What the exercise asks → The required answer is a copy of each line in the entries below that includes "Export".

================

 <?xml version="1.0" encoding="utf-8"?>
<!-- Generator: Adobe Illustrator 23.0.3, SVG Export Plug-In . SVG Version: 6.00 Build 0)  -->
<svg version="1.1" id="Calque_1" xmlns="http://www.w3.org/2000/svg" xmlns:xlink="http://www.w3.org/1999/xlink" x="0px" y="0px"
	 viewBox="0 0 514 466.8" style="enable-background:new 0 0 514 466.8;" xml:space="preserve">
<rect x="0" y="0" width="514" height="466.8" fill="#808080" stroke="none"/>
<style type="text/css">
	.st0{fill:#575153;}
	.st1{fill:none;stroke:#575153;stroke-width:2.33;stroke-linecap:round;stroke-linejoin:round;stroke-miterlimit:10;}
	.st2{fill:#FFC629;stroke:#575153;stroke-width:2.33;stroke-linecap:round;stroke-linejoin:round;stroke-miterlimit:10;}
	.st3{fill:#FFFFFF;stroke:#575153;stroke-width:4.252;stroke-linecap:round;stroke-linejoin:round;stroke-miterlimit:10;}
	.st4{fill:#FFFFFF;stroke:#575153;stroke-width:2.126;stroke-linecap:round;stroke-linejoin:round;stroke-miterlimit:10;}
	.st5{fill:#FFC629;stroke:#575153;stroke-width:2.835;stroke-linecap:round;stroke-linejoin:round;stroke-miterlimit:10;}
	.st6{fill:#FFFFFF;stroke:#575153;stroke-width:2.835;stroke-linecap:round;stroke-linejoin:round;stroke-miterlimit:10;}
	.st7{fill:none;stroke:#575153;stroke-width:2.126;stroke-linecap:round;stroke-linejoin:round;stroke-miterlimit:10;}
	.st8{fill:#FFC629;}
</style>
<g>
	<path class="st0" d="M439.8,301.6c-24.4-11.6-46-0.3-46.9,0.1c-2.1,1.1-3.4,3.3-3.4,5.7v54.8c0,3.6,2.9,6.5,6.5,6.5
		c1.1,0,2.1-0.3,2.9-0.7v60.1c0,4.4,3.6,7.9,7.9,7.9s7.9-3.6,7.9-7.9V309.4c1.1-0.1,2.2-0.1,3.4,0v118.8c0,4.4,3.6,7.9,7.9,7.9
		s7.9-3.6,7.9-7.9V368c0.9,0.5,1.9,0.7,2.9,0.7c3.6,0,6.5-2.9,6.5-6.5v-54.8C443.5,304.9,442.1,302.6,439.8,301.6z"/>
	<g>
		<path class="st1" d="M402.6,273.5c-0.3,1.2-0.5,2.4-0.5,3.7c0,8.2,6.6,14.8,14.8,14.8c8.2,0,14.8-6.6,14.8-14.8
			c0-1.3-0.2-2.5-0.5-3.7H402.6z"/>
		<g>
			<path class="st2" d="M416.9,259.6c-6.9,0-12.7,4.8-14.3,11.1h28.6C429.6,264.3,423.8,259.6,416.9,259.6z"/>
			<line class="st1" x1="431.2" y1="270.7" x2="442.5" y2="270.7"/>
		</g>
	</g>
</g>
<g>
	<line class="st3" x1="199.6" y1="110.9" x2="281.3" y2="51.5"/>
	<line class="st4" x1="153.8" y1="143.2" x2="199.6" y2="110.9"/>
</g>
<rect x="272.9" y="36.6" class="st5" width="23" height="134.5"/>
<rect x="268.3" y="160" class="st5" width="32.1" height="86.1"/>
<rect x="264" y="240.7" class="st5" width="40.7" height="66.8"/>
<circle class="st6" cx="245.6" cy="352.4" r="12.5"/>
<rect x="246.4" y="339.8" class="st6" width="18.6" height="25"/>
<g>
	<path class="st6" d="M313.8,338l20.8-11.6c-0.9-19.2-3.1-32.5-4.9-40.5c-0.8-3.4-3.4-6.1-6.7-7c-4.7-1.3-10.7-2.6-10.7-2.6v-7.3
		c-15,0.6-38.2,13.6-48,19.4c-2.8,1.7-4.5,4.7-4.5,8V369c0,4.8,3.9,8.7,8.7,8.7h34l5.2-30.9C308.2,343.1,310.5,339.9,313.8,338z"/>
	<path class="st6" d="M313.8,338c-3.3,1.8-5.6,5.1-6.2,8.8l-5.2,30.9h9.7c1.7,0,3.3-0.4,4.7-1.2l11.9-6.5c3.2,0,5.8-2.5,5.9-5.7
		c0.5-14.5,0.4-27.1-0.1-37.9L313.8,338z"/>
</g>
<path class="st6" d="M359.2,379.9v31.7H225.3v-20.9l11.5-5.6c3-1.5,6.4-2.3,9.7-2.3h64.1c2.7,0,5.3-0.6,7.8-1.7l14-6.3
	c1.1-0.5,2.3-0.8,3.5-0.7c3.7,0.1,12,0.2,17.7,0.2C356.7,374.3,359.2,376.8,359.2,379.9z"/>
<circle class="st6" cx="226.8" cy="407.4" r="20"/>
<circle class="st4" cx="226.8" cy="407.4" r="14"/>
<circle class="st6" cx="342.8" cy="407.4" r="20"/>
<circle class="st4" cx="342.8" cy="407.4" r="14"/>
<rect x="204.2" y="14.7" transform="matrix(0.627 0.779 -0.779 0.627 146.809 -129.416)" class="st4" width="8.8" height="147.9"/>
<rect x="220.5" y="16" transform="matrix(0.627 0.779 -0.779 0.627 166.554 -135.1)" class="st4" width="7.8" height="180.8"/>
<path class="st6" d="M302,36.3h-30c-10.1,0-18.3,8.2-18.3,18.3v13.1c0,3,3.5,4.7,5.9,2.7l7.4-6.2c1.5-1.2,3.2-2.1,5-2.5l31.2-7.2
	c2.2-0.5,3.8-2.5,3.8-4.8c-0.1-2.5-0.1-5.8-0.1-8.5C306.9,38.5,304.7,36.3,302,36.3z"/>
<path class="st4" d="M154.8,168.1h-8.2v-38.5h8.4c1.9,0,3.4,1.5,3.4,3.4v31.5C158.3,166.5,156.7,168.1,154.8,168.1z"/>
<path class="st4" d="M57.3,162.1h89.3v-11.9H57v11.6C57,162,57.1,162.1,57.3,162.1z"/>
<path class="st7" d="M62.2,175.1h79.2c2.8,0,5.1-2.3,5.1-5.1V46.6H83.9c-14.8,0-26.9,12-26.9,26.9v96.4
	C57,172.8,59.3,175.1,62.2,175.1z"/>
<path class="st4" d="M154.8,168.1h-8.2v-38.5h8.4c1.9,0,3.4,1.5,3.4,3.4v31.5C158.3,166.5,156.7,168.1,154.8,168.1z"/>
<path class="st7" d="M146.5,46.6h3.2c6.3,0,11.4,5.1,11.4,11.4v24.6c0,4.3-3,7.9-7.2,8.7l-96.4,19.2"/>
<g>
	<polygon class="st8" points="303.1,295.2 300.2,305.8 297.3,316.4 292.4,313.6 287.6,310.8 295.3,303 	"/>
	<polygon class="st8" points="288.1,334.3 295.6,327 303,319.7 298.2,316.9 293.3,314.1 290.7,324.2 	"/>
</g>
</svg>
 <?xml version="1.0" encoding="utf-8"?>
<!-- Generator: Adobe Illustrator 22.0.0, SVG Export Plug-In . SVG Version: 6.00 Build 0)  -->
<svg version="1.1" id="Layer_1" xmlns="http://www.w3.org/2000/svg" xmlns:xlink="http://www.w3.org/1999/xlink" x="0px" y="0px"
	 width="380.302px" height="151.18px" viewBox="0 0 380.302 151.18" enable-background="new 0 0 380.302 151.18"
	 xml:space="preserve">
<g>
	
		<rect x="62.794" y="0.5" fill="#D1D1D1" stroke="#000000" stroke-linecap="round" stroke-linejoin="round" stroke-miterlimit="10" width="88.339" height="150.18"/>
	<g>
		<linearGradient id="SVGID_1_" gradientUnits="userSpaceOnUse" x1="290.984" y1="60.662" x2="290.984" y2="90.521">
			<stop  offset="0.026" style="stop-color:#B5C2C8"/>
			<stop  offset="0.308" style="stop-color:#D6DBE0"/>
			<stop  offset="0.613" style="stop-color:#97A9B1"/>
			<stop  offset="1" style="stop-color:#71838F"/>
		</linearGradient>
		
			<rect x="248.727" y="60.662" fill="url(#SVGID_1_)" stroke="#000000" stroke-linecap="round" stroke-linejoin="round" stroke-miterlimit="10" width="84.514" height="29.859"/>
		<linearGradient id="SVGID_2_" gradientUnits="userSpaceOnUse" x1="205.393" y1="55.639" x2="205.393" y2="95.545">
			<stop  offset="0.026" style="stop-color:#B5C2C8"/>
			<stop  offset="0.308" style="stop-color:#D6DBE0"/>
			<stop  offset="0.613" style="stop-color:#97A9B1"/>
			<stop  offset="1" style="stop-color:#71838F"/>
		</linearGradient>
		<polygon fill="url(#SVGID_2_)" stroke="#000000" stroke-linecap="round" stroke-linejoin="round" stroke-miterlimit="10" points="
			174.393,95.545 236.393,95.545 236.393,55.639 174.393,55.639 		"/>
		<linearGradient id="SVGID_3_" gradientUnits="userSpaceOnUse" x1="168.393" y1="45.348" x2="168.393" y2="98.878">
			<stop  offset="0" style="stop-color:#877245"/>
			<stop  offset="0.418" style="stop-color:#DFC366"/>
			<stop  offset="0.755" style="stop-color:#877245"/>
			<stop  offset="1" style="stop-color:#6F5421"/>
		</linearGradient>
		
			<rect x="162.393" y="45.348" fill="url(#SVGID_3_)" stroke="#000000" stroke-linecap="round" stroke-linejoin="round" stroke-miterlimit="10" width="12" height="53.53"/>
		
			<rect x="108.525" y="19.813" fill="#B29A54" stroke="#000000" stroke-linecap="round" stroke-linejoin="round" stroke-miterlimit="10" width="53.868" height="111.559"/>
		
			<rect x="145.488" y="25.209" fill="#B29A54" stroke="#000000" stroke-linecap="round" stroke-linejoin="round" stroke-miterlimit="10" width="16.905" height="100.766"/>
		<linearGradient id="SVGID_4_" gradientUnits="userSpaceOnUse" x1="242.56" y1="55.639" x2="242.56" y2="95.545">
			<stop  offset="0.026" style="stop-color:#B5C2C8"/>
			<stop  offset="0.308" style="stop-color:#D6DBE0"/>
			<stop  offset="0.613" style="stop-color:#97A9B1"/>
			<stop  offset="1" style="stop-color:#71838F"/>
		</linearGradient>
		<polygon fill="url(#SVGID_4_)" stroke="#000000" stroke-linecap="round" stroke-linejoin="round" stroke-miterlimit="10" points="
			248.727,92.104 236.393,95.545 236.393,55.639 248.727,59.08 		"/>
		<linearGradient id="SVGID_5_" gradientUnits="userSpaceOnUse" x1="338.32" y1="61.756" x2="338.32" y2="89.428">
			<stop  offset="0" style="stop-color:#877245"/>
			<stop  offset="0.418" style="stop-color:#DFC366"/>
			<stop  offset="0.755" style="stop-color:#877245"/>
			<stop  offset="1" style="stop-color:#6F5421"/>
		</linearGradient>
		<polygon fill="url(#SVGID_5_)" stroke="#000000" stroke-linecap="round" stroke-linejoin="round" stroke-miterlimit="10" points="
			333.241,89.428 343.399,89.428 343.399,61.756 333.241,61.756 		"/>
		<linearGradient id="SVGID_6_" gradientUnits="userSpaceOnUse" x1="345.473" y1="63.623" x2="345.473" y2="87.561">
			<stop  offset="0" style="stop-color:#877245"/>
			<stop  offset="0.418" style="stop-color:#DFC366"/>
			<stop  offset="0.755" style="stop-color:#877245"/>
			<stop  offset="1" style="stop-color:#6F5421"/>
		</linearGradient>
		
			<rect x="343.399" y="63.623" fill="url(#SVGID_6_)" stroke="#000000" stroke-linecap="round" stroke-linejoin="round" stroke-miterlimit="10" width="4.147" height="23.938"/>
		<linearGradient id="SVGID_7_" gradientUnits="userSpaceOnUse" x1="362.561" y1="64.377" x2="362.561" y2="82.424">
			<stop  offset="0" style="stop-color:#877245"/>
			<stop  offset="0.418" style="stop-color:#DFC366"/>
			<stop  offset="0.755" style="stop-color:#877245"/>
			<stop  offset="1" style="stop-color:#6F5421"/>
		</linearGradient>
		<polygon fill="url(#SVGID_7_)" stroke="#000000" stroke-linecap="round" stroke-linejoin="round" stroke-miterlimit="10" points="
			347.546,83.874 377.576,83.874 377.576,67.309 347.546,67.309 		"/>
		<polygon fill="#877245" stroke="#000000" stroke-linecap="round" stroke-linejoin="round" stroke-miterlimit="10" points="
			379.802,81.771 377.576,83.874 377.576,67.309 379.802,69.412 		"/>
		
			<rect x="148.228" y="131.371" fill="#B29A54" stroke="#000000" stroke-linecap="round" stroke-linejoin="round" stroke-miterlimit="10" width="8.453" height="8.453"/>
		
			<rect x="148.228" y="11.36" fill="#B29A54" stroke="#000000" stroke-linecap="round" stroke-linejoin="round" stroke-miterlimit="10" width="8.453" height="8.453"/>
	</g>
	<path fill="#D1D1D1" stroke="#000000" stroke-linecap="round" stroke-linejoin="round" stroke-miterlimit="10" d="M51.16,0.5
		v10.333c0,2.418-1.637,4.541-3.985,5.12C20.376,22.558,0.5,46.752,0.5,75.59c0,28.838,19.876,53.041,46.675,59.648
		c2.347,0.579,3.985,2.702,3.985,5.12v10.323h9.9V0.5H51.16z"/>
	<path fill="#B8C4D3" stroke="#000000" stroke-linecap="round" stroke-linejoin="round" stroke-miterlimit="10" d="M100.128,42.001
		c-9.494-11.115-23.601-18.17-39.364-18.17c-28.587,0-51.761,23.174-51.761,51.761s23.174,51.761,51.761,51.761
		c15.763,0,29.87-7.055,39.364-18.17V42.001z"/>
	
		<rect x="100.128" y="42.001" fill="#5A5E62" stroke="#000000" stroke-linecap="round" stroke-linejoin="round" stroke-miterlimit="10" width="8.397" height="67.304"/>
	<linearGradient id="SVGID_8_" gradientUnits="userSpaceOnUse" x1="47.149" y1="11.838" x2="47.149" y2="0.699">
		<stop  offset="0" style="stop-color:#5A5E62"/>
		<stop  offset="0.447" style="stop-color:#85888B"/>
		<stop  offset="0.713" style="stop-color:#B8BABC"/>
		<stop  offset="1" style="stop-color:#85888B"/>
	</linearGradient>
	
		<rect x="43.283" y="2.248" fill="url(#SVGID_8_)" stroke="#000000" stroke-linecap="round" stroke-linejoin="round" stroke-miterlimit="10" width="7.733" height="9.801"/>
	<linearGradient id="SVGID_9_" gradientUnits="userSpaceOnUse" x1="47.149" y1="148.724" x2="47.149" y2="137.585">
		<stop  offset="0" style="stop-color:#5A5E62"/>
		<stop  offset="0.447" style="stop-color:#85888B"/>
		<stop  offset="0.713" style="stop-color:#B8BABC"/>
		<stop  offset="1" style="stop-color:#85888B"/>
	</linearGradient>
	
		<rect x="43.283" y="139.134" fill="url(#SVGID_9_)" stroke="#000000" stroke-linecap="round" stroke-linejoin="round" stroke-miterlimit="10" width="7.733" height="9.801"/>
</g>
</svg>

================

Response to the exercise →
<!-- Generator: Adobe Illustrator 23.0.3, SVG Export Plug-In . SVG Version: 6.00 Build 0)  -->
<!-- Generator: Adobe Illustrator 22.0.0, SVG Export Plug-In . SVG Version: 6.00 Build 0)  -->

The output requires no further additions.